Gitaris Mick Box (59) yang ikut membentuk Uriah Heep di London,
Inggris, pada 1969 menyuguhkan musik penuh energi. Pemusik dan
penonton yang sama-sama berkepala lima tampak bersemangat muda.
Menjelang akhir konser, Uriah Heep memainkan lagu July Morning.
Simak bait awalnya: There I was on a July morning/ Looking for love/
With the strength of a new day dawning/ And the beautiful sun.

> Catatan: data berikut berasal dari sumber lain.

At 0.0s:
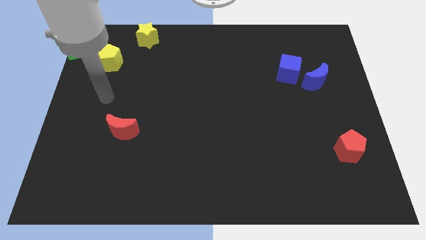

Ratusan penonton menyambut antusias lagu berjenis balada yang
dibawakan vokalis Bernie Shaw itu. Mereka menirukan bagian chorus
yang berbunyi ”La la laa la, la la la la....” Mereka juga hafal
interlude yang memang indah dan melodik. Dalam versi album asli,
lagu tersebut melibatkan musisi tamu Manfred Mann pada instrumen
moog.
Urian Heep juga membawakan lagu seperti Come Away Melinda dan Gypsy
yang sangat dikenal oleh penikmat musik rock sekitar 30 tahun lalu.
”Saya kenal lagu July Morning waktu masih SMP. Sudah 30 tahun lebih
saya tak dengar lagu itu, dan baru kemarin denger lagi,” kata Rudi
Sasongko (48), karyawan sebuah bank di Jakarta yang menonton konser
Uriah Heep.
Sewaktu July Morning menggema, Rudi menyorongkan telepon selulernya
ke arah panggung. Ia ingin agar sahabat lamanya yang berada di Batam
ikut mendengarkan lagu itu. Ia adalah kawan sekolah Rudi waktu SMP—mereka
lulus tahun 1974. Mereka bernostalgia lewat konser grup rock yang
pernah menaungi hari-hari mereka pada masa lalu.
Terus beredar
Uriah Heep merupakan salah satu band yang terus beredar selama lebih
dari tiga dekade. Mereka membongkar pasang personel. Dari tahun 1969
sampai kini pernah bergabung sekitar 30 pemain dalam grup band ini.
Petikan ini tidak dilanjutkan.